Gujarat home minister (MoS) Harsh Sanghvi tweeted about his horrendous murder, stating that “justice shall be served”. But this raises many stark questions about the secular fabric of this country. Religious tolerance should be at the heart of secularism, but going on killing innocent people is not something that should be endured in the garb of blasphemy. We wonder if Kishan Bharwad will receive justice, or will this case, like so many others under the benevolent eyes of our “secular” country, fizzle out and be thrown under the rug?
The supremacist, exclusionary, and barbarian nature of Islam has become a hazard to the safety of the common man and the secular fabric of this nation, and we have failed to address the very root of this bizarre problem as a state. A state that has failed to answer these real questions:
1. Isn’t it understood that a religion that asserts its supremacy by repeating “I bear witness that there is no deity but God, and I bear witness that Muhammad is God’s messenger” when they chant “La illaha illalah”? Is it not five times a day through loudspeakers that it is the one that superimposes intolerance on others?

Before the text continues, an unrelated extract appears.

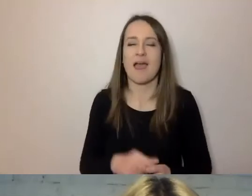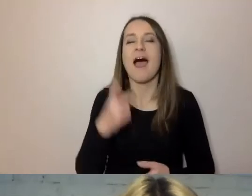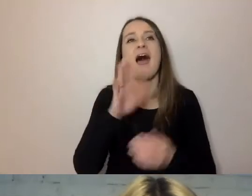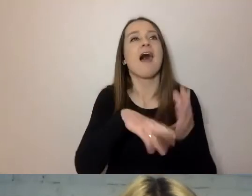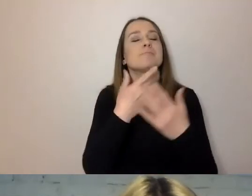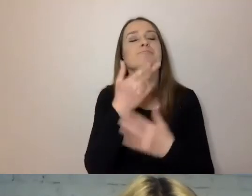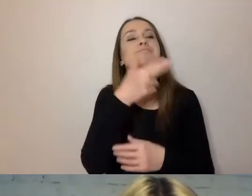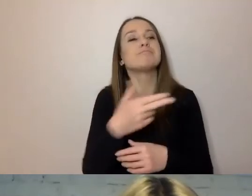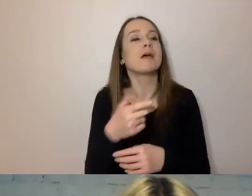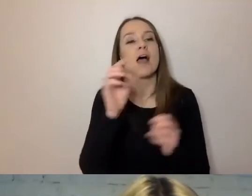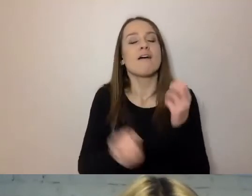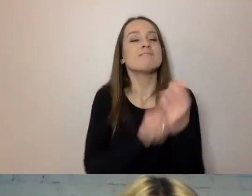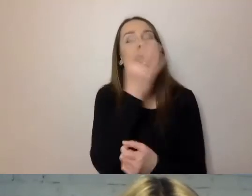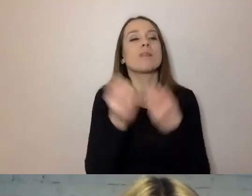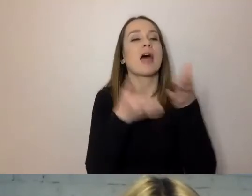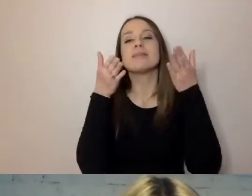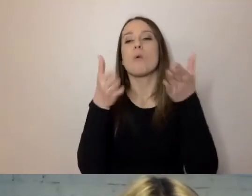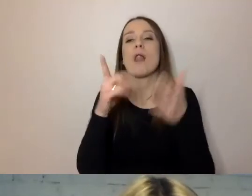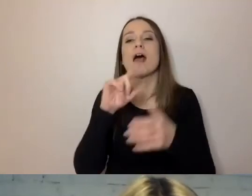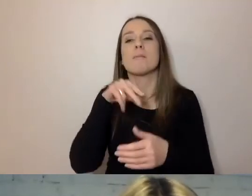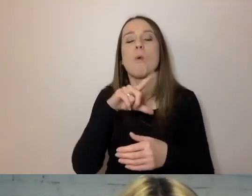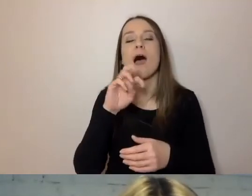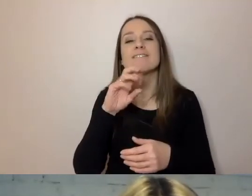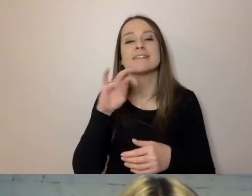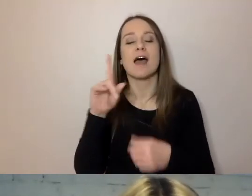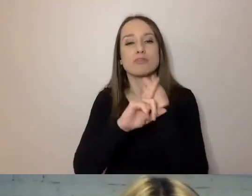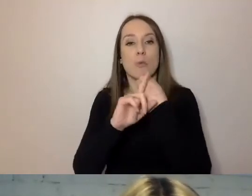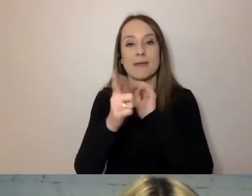która znajduje się przy ulicy Puławskiej pod nr. 17,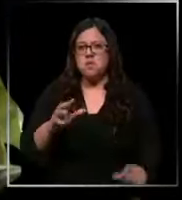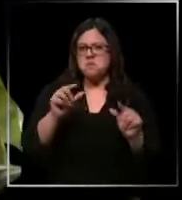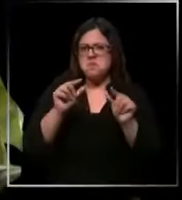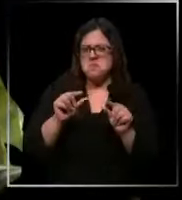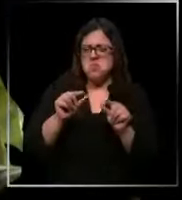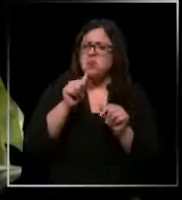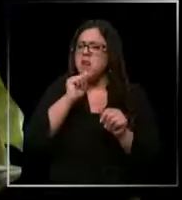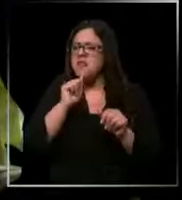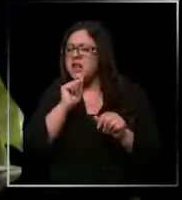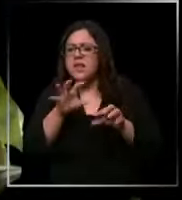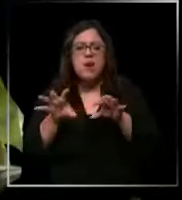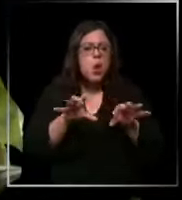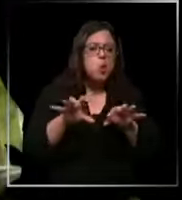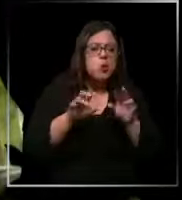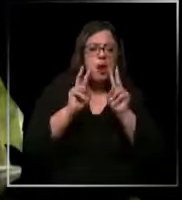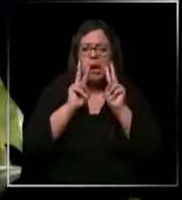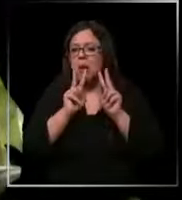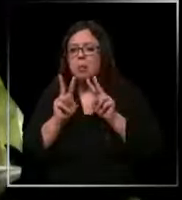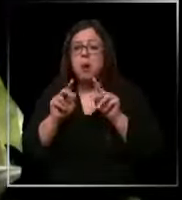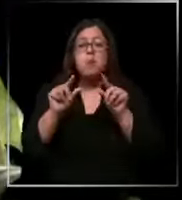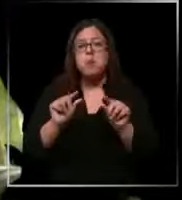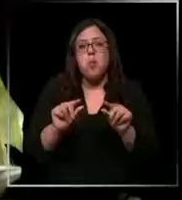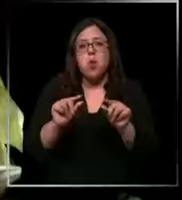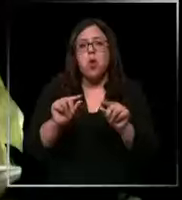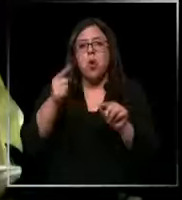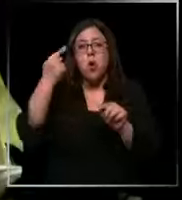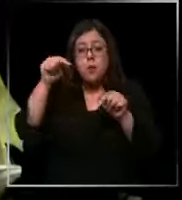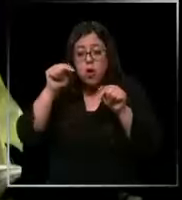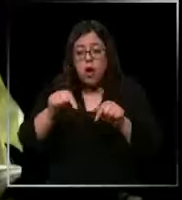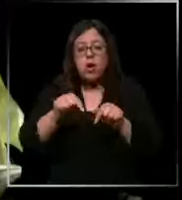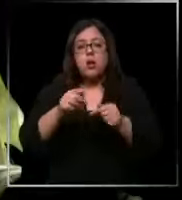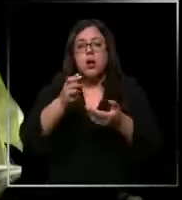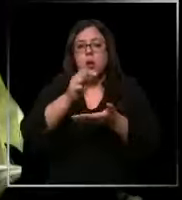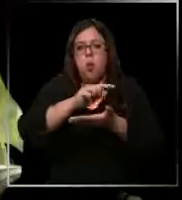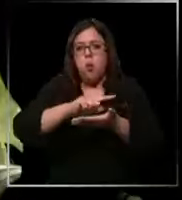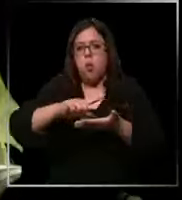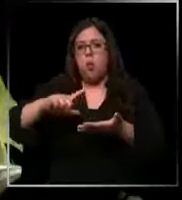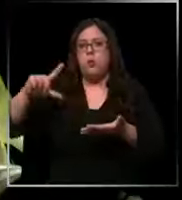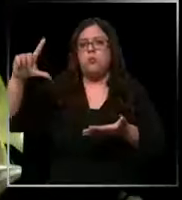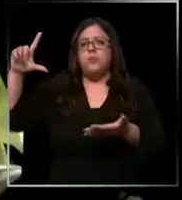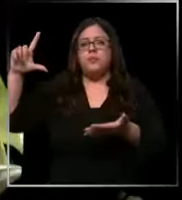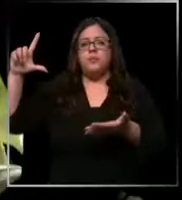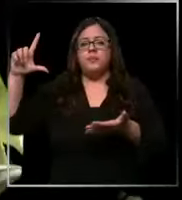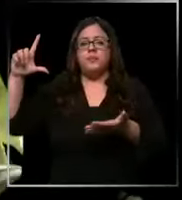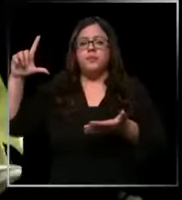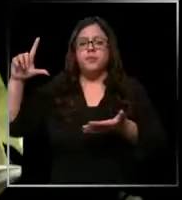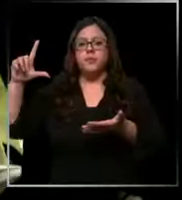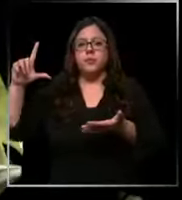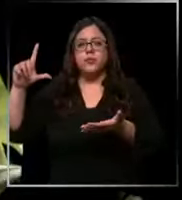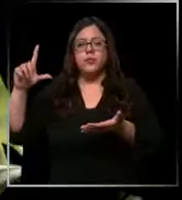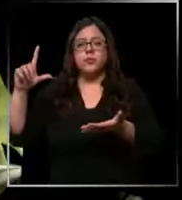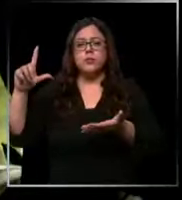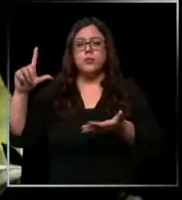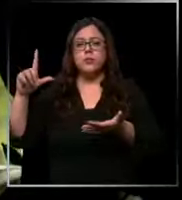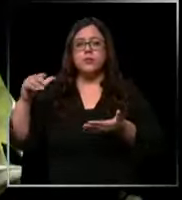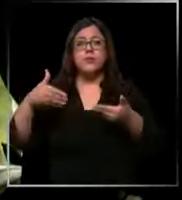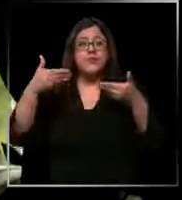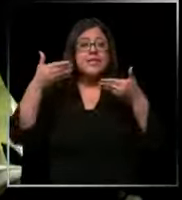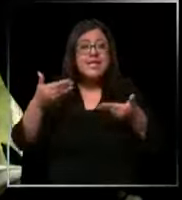faltar cosas muy mínimas pero esta situación ha ido aumentando y ahora se ha vuelto insostenible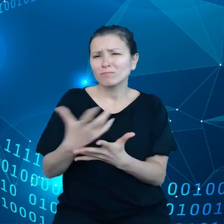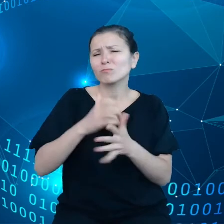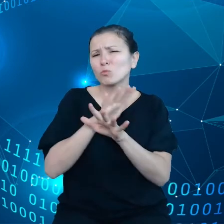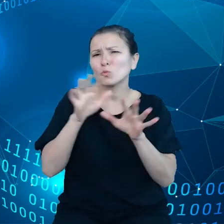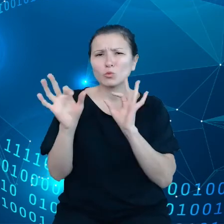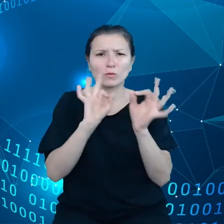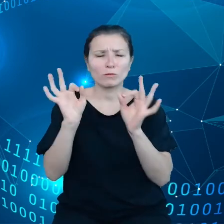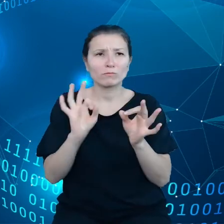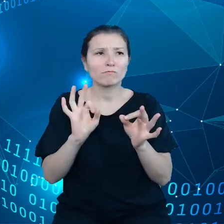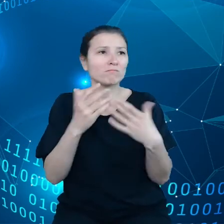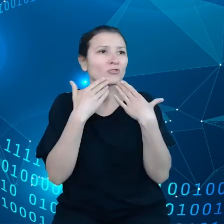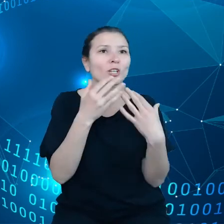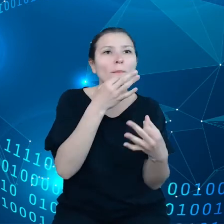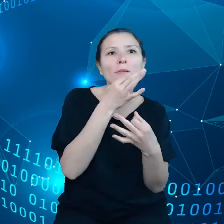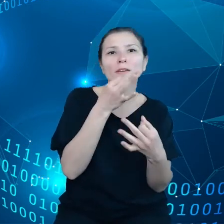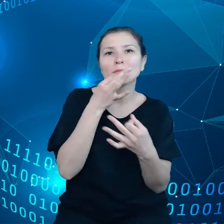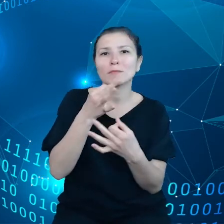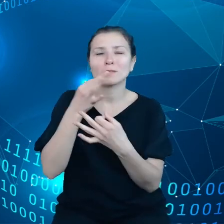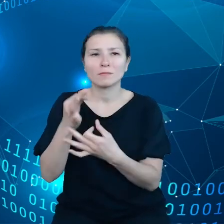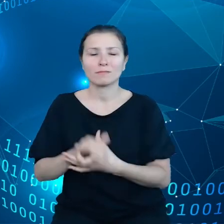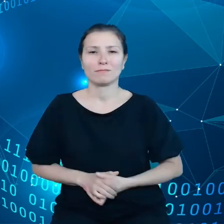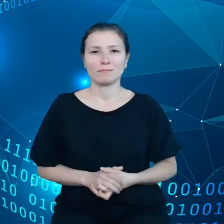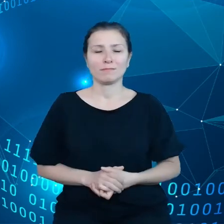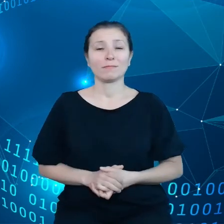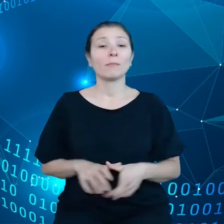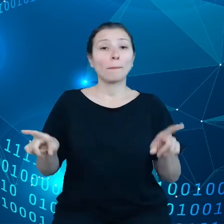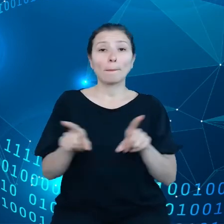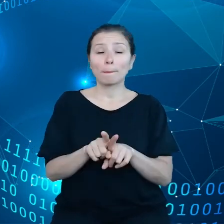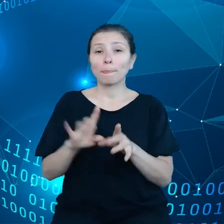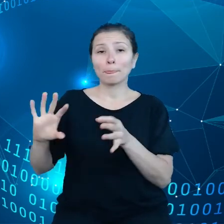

2. Should a Muslim expect a non-Muslim to be secular after knowing the meaning of the Shahadah?
3. How is secularism thus serving others like Hindus who are not bloodthirsty towards people who don’t follow their religion?
4. How is the Indian state planning to provide justice to the innocent people who succumbed to Islamic fanaticism in the name of blasphemy? Are there going to be enough laws to prevent such acts of terror?
5. Should we soon be expecting the law at the hands of such people who are here to make all decisions without an iota of guilt or humanity?
6. Do we deserve to be worried about our children posting something on social media because, literally, it can get them killed?
We are not seeing much of real media coverage of something this heinous. We wonder if justice will really be served in a country where religious tolerance is a one-sided love affair. Whether in Taliban-ruled Afghanistan, Islamic republics like Pakistan, or secular democracies like India and France, Islam’s flirtations with blasphemy are soaked in blood. As a civilised country, we must prosecute every criminal who directly or indirectly participates in the grisly act of murdering innocent citizens under the guise of blasphemy. For now, it is clearly understood that these murders in the name of blasphemy aren’t committed in the heat of the moment but rather in a well-organized, syndicated manner, demanding us to revisit the matter constitutionally and spiritually. Yesterday it was Kamlesh Tiwari; today it is Kishan Bharwad; and tomorrow-who knows, you or I will be killed in the name of hurting Muslim feelings, with the entire prerogative of deciding what hurts their feelings being in their blood-stained hands?
Yuvraj Pokharna is a Surat-based educator, columnist, and social activist. The views expressed in this article are those of the author and do not represent the stand of this publication.